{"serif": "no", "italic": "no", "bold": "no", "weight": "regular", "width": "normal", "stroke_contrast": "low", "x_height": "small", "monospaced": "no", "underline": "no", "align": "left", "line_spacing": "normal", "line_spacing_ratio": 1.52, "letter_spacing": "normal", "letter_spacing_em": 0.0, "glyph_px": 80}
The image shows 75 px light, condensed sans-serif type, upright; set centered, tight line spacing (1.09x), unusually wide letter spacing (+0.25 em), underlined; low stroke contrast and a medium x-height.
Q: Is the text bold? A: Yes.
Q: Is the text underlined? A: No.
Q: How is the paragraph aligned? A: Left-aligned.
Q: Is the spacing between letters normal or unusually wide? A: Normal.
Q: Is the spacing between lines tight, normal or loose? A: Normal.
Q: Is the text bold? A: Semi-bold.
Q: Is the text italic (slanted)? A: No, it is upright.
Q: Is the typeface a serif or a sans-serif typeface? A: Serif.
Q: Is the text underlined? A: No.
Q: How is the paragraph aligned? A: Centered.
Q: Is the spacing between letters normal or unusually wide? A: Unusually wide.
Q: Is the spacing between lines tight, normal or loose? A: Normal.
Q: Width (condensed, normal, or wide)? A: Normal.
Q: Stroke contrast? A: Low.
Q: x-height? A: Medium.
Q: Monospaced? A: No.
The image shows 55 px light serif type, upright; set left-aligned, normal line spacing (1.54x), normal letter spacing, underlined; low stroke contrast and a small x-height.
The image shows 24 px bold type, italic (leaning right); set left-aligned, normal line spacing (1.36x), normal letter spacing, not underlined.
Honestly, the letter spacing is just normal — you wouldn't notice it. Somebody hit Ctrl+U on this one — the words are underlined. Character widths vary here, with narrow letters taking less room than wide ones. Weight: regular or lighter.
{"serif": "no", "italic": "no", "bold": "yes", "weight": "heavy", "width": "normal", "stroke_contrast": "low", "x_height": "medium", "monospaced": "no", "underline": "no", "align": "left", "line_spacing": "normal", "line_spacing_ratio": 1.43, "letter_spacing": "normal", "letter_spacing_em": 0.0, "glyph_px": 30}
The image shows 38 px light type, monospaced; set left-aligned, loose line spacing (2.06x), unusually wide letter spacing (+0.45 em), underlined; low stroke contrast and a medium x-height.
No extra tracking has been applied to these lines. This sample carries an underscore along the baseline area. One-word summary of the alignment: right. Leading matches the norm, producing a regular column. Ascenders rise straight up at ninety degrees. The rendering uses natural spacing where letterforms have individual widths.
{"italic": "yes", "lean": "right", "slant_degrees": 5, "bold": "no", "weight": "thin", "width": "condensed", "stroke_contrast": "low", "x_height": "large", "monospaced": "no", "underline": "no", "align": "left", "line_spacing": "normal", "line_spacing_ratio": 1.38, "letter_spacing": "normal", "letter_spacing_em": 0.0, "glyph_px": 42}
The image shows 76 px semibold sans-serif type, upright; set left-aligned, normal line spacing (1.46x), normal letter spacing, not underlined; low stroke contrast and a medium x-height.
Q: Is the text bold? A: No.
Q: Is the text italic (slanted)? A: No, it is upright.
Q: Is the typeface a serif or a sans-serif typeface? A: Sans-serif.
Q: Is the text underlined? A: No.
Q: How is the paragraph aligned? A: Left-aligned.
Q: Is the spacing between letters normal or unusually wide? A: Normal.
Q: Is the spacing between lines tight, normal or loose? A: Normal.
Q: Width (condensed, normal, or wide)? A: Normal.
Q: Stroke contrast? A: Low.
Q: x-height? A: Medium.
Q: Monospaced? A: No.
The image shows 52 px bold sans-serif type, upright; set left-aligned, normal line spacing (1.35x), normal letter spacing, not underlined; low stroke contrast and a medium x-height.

TASK BRIEF →
In the listing above, each line with the word "typeface" is to be copied out.

RESULT OF THIS EXERCISE →
Q: Is the typeface a serif or a sans-serif typeface? A: Serif.
Q: Is the typeface a serif or a sans-serif typeface? A: Sans-serif.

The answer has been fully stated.